Stored records
• • • • • • •
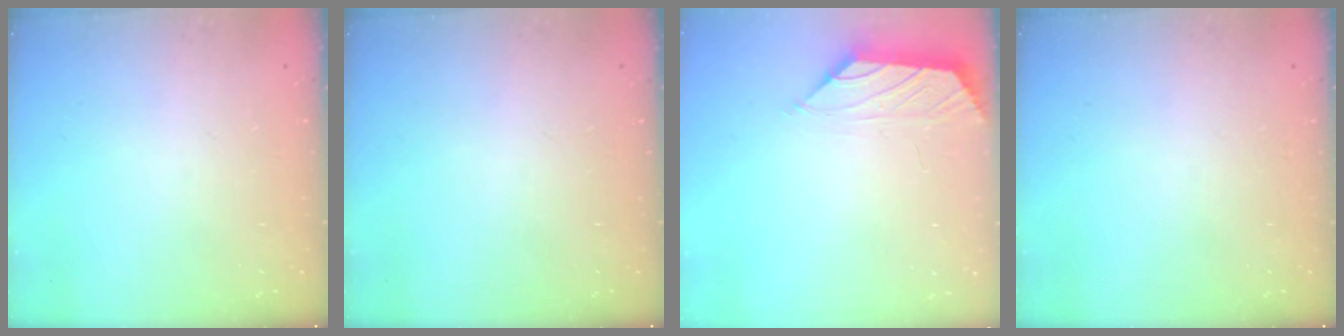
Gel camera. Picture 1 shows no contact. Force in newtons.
{"total": 0.0}
{"total": 0.9, "press": 0.7, "slide": 0.5}
{"total": 0.0}
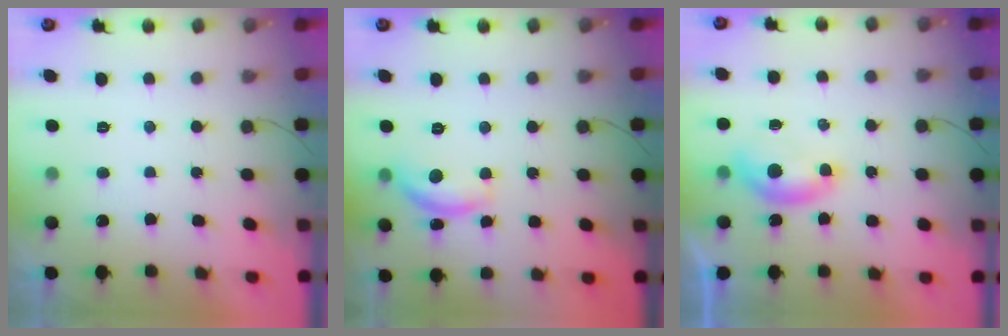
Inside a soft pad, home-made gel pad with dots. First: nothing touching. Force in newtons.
{"total": 10.5, "press": 10.5, "slide": 0.6}
{"total": 6.1, "press": 6.0, "slide": 0.7}
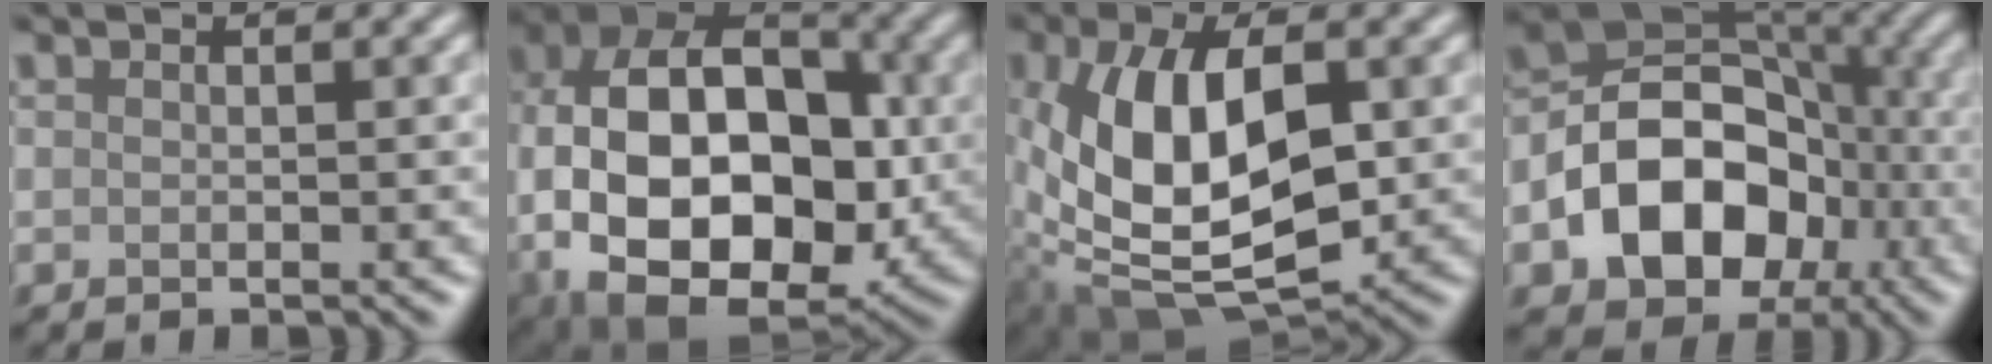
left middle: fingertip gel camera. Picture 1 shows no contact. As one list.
[{"total": 18.0, "force": [-2.1, 12.0, 13.3], "torque": [-0.239, -0.006, -0.034]}, {"total": 12.4, "force": [0.2, 6.8, 10.4], "torque": [-0.209, -0.002, 0.010]}, {"total": 11.5, "force": [-3.6, 8.4, 6.9], "torque": [-0.105, 0.003, -0.062]}]
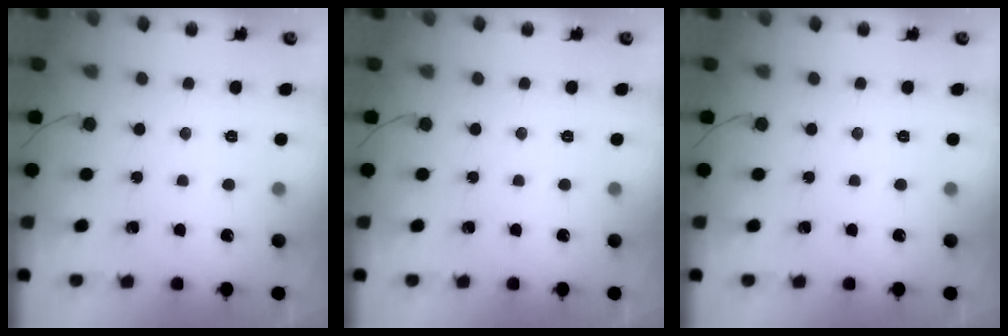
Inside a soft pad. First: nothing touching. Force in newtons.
{"total": 0.0}
{"total": 0.0}
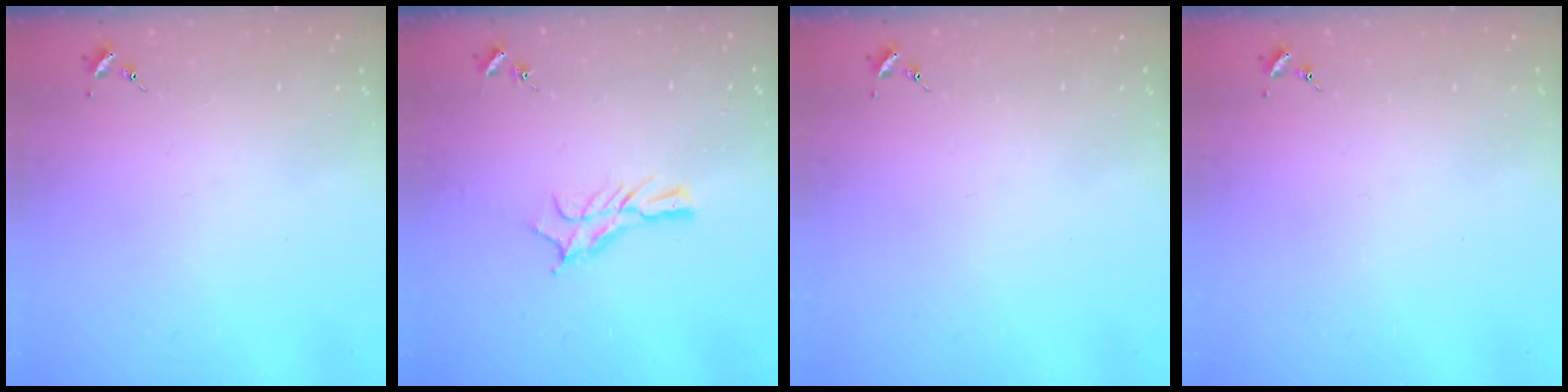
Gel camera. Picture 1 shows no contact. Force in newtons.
{"total": 8.6, "press": 8.5, "slide": 0.2}
{"total": 0.0}
{"total": 0.0}
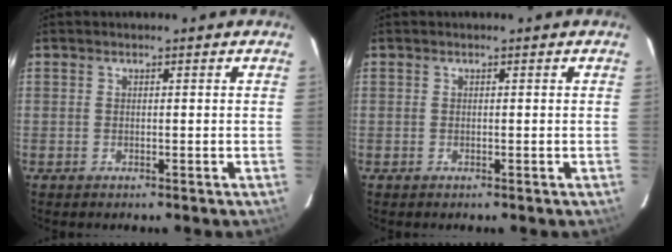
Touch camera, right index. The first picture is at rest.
{"total": 0.0}
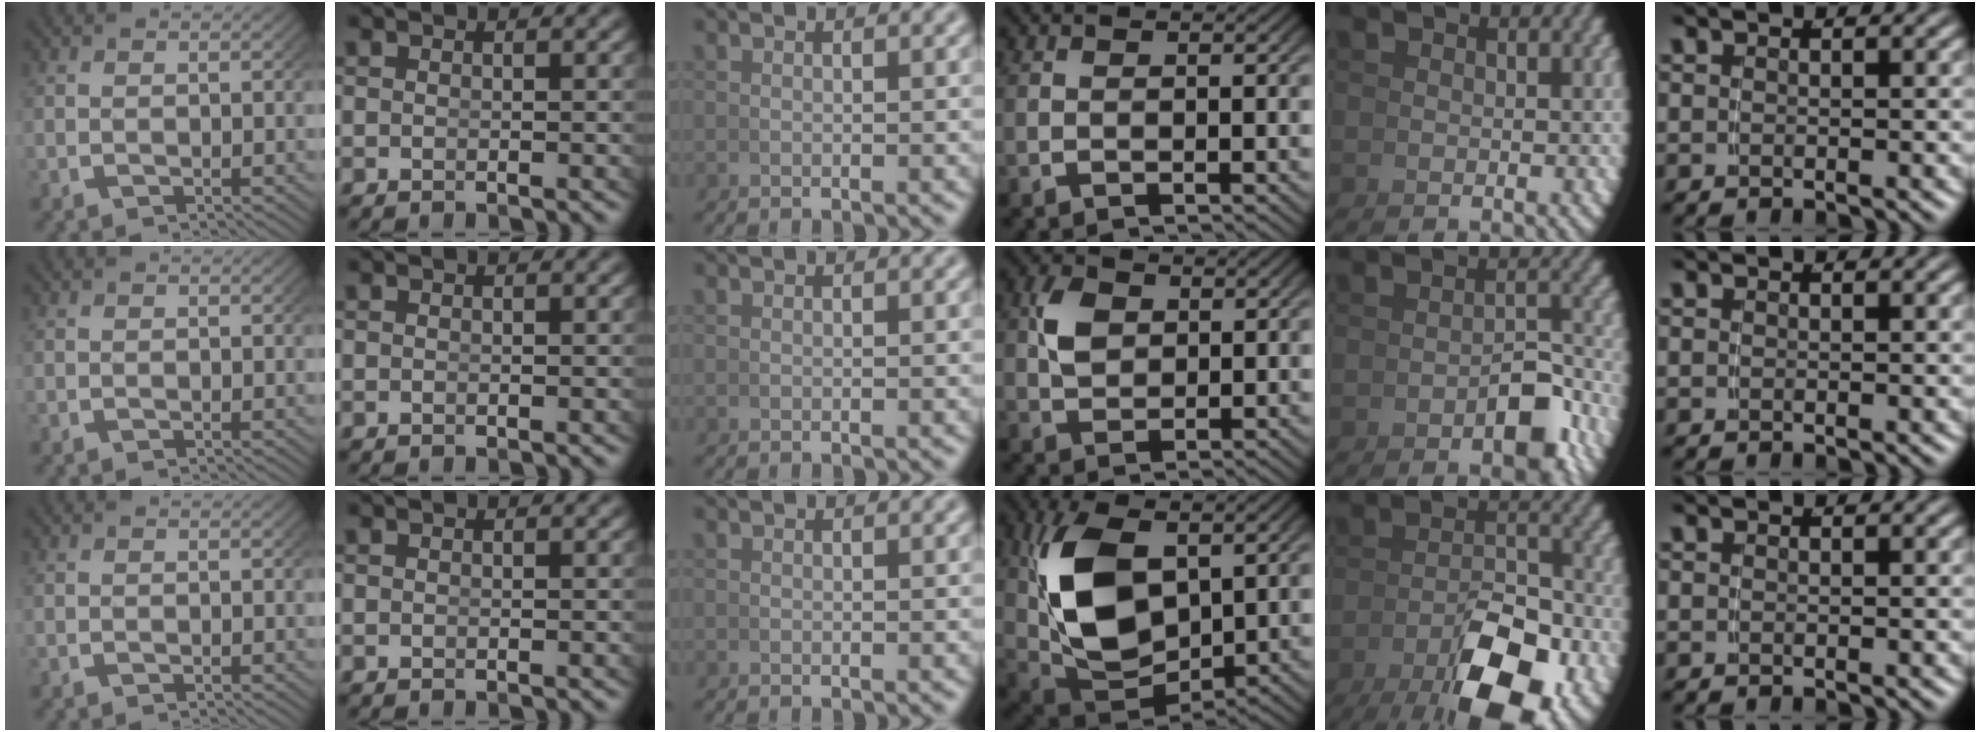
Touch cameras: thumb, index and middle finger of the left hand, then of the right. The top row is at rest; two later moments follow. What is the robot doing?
{"motion": "grasp_and_lifting", "object": "pen"}
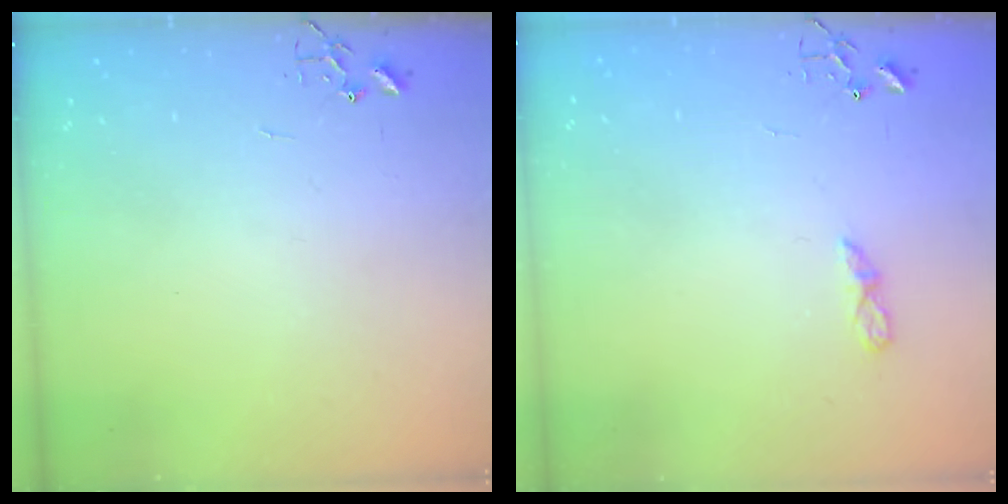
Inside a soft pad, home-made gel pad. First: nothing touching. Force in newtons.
{"total": 5.3, "press": 5.3, "slide": 0.7}
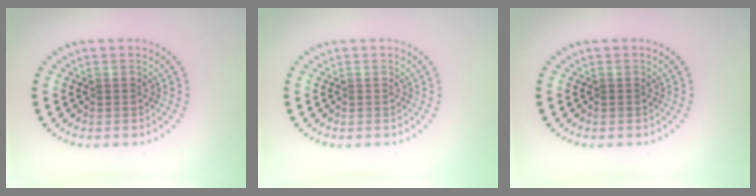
• • • • • • •
#### [What is needed]
Apart from the pictures, write every entry out again exactly.

#### [Response to this task]
Gel camera. Picture 1 shows no contact. Force in newtons.
{"total": 0.0}
{"total": 0.9, "press": 0.7, "slide": 0.5}
{"total": 0.0}
Inside a soft pad, home-made gel pad with dots. First: nothing touching. Force in newtons.
{"total": 10.5, "press": 10.5, "slide": 0.6}
{"total": 6.1, "press": 6.0, "slide": 0.7}
left middle: fingertip gel camera. Picture 1 shows no contact. As one list.
[{"total": 18.0, "force": [-2.1, 12.0, 13.3], "torque": [-0.239, -0.006, -0.034]}, {"total": 12.4, "force": [0.2, 6.8, 10.4], "torque": [-0.209, -0.002, 0.010]}, {"total": 11.5, "force": [-3.6, 8.4, 6.9], "torque": [-0.105, 0.003, -0.062]}]
Inside a soft pad. First: nothing touching. Force in newtons.
{"total": 0.0}
{"total": 0.0}
Gel camera. Picture 1 shows no contact. Force in newtons.
{"total": 8.6, "press": 8.5, "slide": 0.2}
{"total": 0.0}
{"total": 0.0}
Touch camera, right index. The first picture is at rest.
{"total": 0.0}
Touch cameras: thumb, index and middle finger of the left hand, then of the right. The top row is at rest; two later moments follow. What is the robot doing?
{"motion": "grasp_and_lifting", "object": "pen"}
Inside a soft pad, home-made gel pad. First: nothing touching. Force in newtons.
{"total": 5.3, "press": 5.3, "slide": 0.7}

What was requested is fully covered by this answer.